Exercise requirements: Your answer must be an exact copy of the records below, minus any images.

Data to examine:

- - -

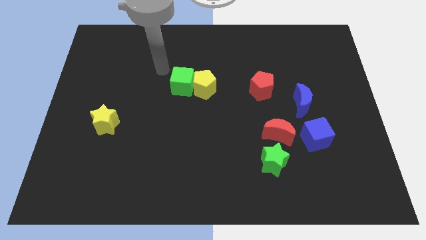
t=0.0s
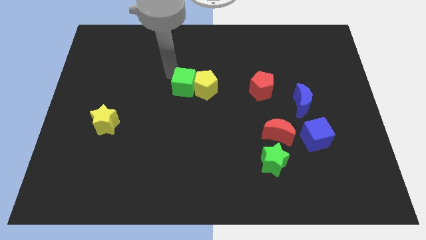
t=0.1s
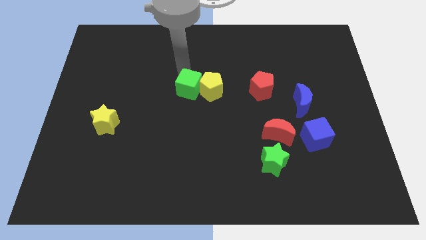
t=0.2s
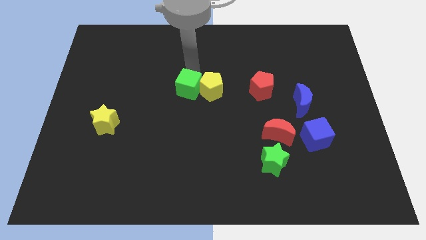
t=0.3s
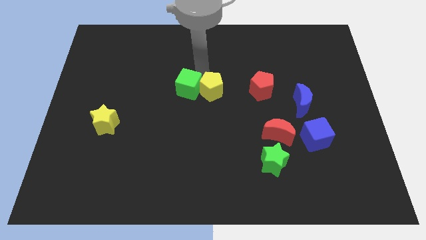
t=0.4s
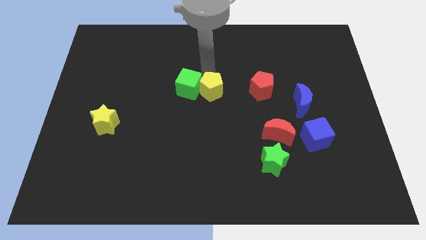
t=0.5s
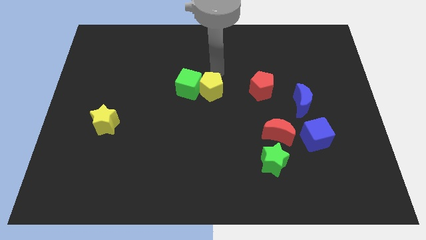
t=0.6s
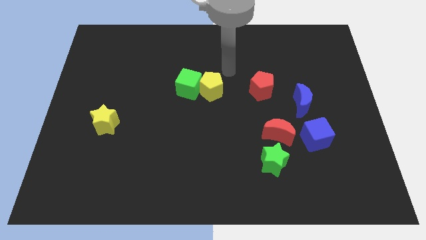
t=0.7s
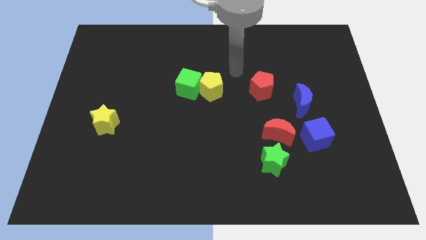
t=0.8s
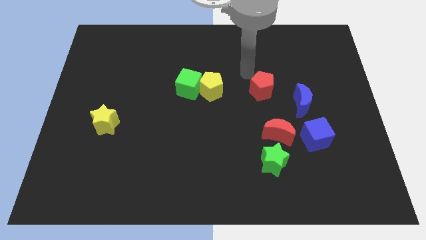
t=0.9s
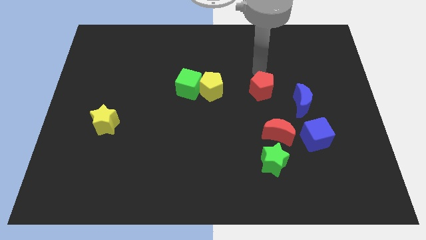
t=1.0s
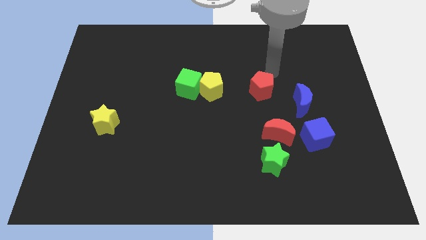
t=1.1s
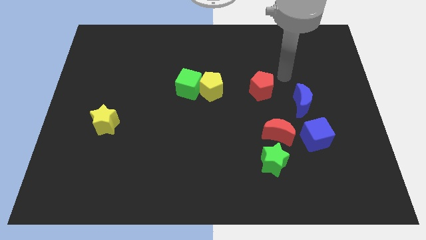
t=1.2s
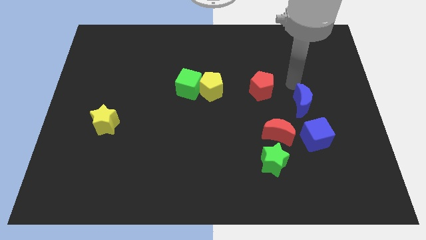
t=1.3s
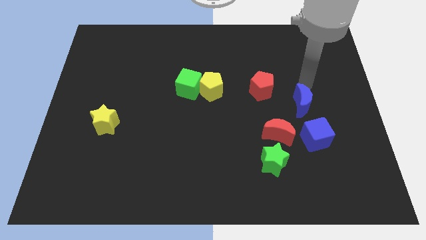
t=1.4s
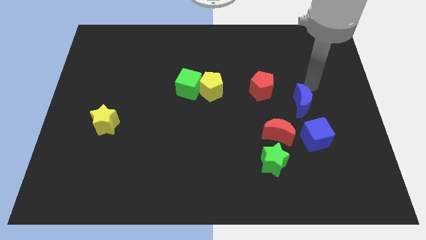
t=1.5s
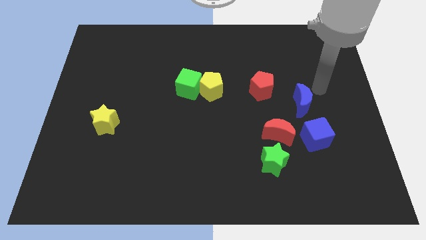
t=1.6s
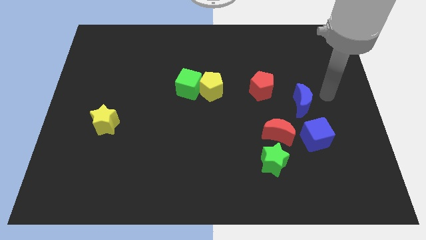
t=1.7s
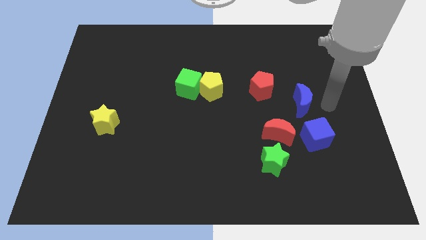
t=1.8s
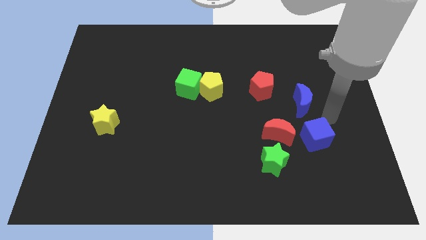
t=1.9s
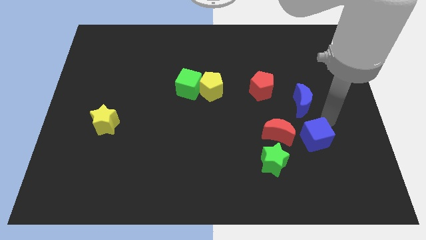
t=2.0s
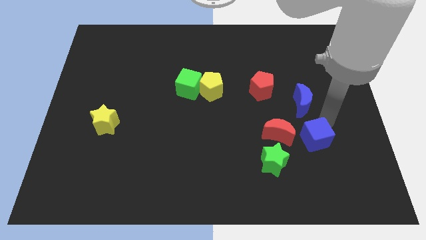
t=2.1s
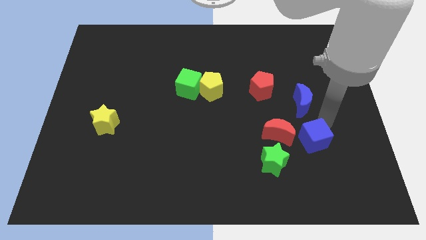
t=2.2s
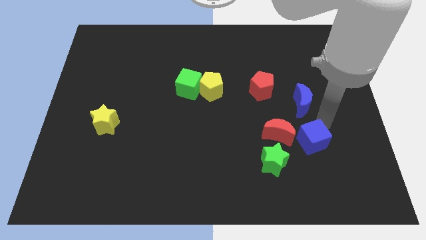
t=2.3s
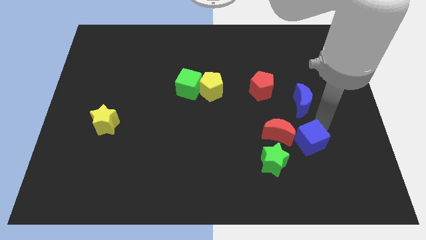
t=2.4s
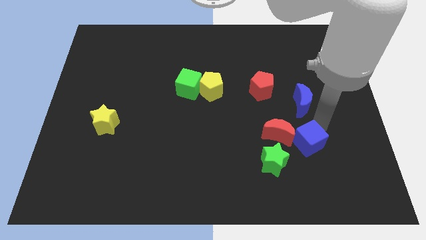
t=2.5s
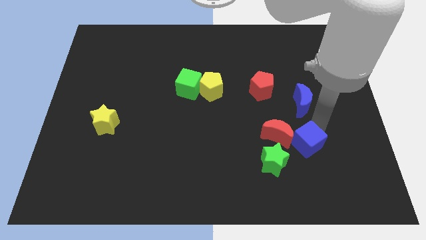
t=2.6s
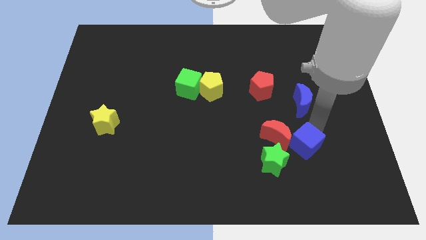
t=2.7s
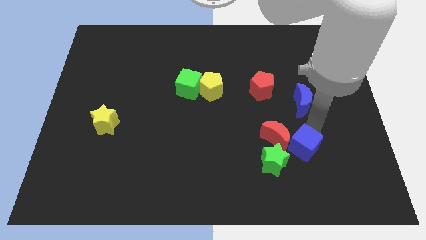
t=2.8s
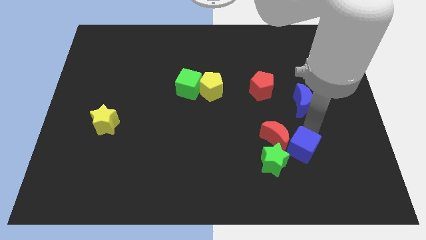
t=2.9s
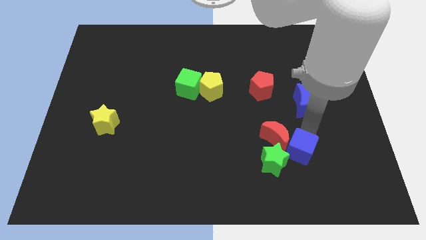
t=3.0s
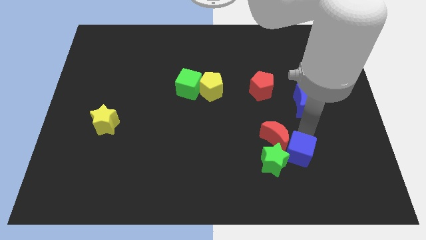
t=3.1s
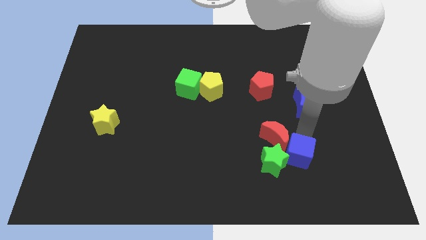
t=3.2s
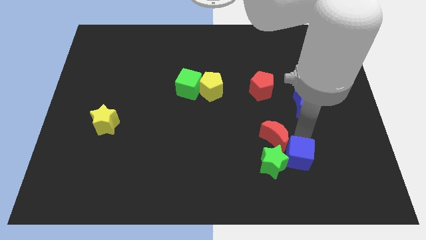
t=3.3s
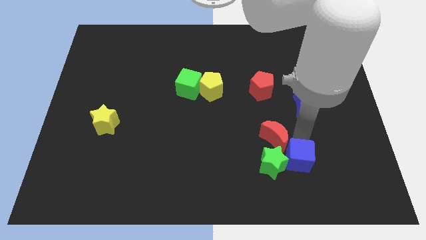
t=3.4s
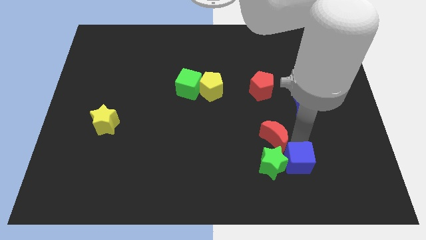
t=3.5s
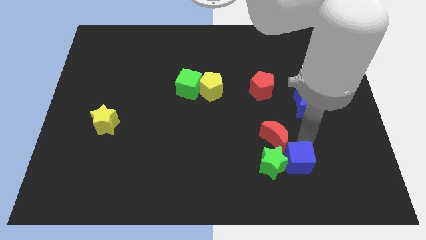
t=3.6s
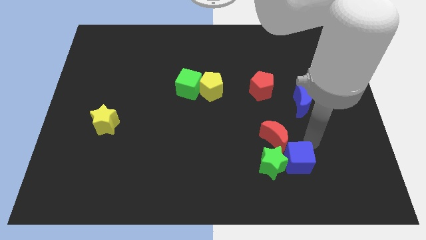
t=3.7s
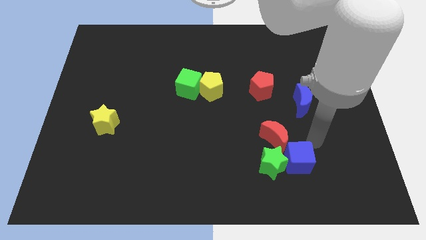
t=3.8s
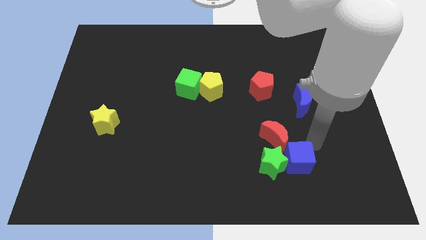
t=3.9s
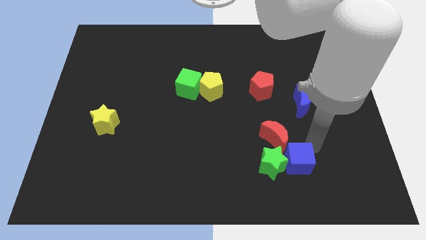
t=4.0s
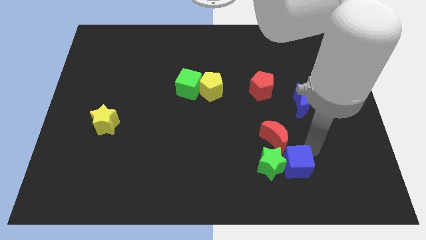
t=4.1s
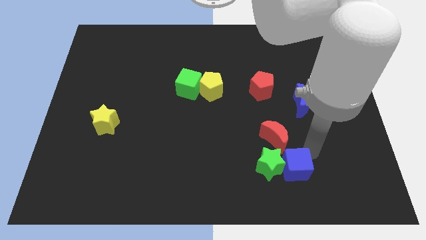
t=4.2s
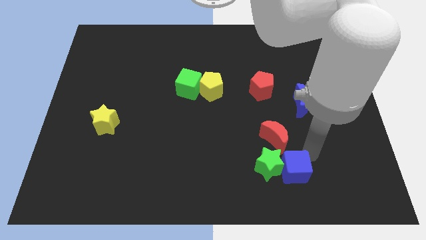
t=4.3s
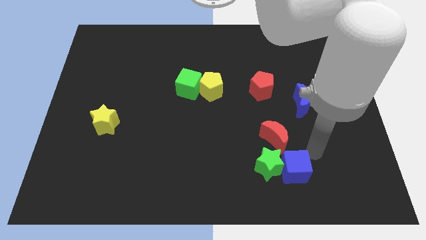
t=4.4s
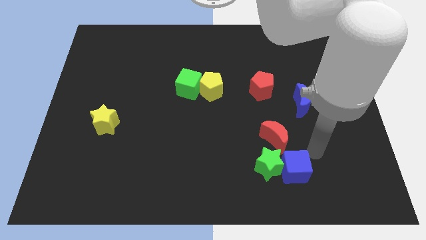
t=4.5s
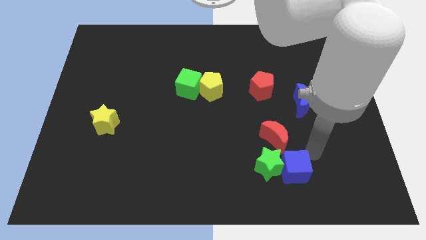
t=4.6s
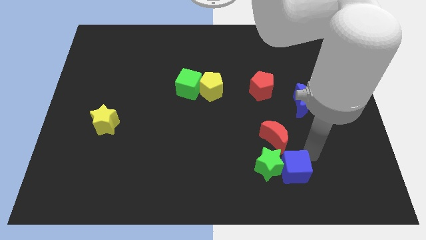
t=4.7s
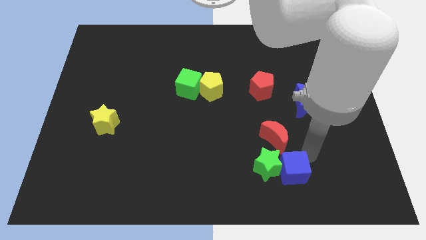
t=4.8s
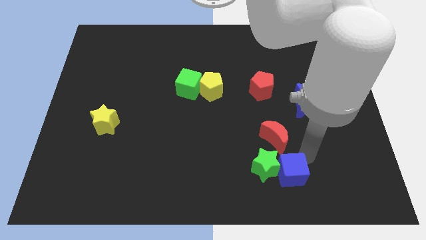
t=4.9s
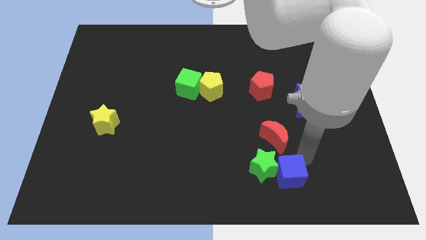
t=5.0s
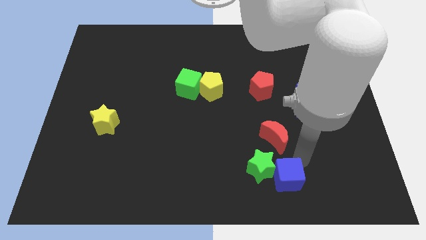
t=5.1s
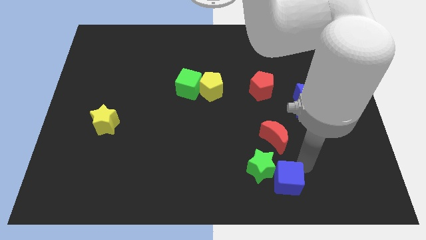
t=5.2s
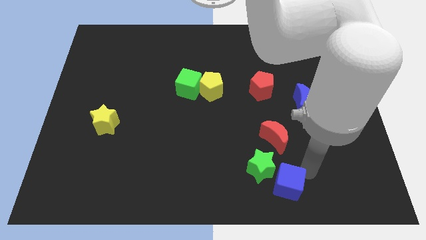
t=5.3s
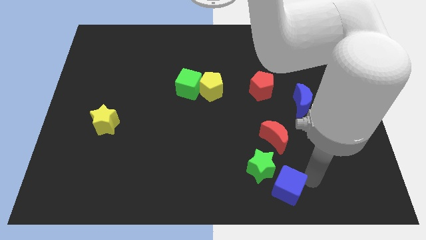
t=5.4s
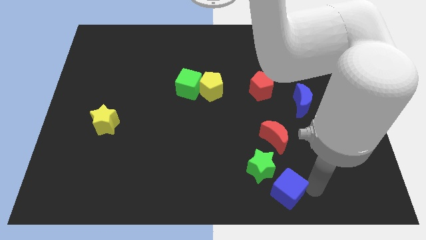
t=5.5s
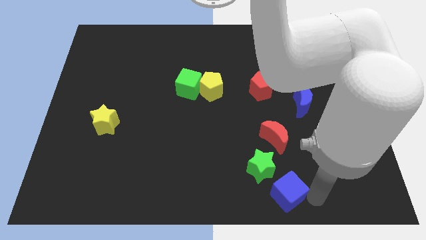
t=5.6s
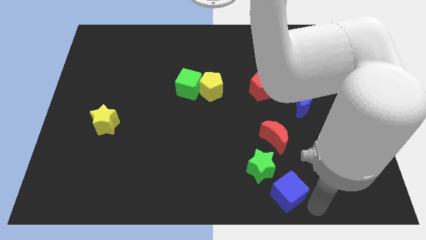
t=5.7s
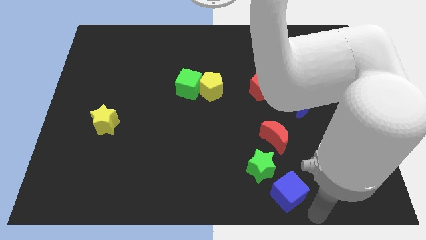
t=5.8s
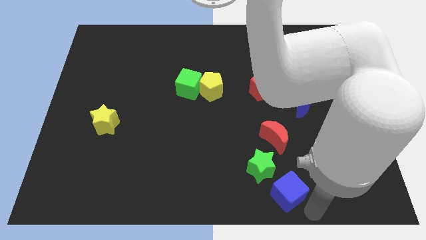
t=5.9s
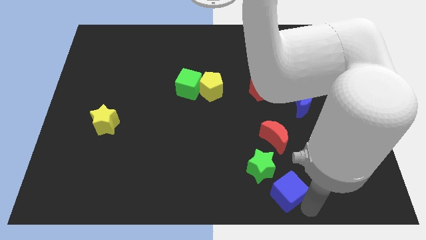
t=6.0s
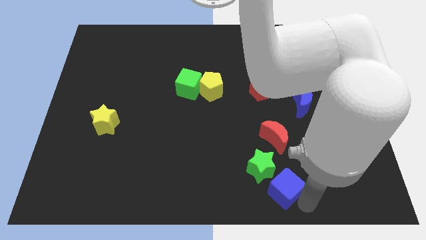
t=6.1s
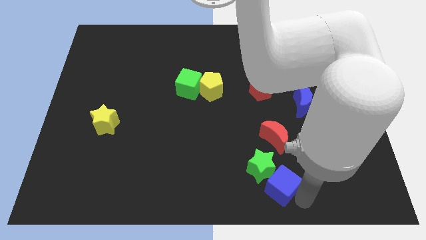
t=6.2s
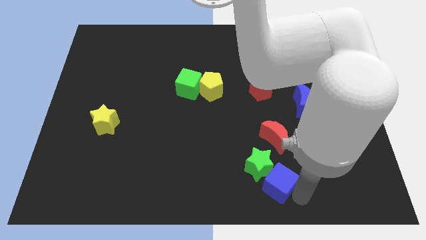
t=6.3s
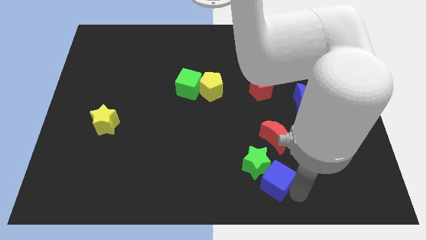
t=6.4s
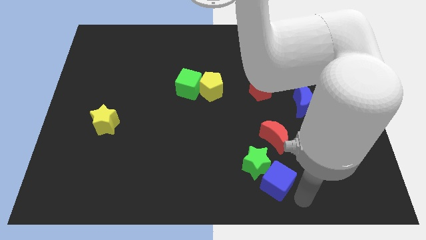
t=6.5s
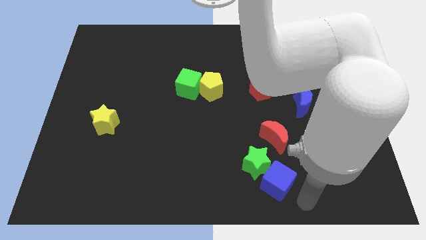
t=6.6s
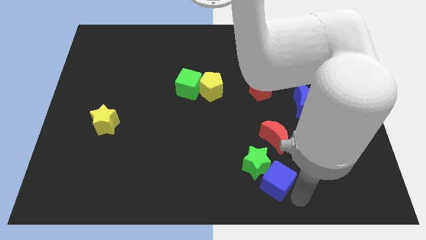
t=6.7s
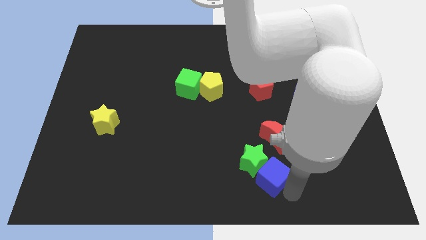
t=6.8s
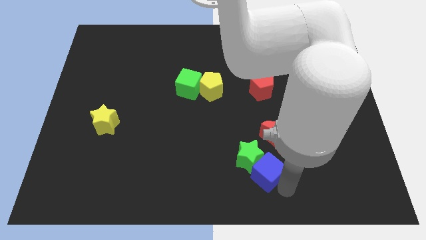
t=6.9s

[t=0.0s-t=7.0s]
slide the blue cube left somewhat

- - -

Answer for the task:
t=0.0s
t=0.1s
t=0.2s
t=0.3s
t=0.4s
t=0.5s
t=0.6s
t=0.7s
t=0.8s
t=0.9s
t=1.0s
t=1.1s
t=1.2s
t=1.3s
t=1.4s
t=1.5s
t=1.6s
t=1.7s
t=1.8s
t=1.9s
t=2.0s
t=2.1s
t=2.2s
t=2.3s
t=2.4s
t=2.5s
t=2.6s
t=2.7s
t=2.8s
t=2.9s
t=3.0s
t=3.1s
t=3.2s
t=3.3s
t=3.4s
t=3.5s
t=3.6s
t=3.7s
t=3.8s
t=3.9s
t=4.0s
t=4.1s
t=4.2s
t=4.3s
t=4.4s
t=4.5s
t=4.6s
t=4.7s
t=4.8s
t=4.9s
t=5.0s
t=5.1s
t=5.2s
t=5.3s
t=5.4s
t=5.5s
t=5.6s
t=5.7s
t=5.8s
t=5.9s
t=6.0s
t=6.1s
t=6.2s
t=6.3s
t=6.4s
t=6.5s
t=6.6s
t=6.7s
t=6.8s
t=6.9s

[t=0.0s-t=7.0s]
slide the blue cube left somewhat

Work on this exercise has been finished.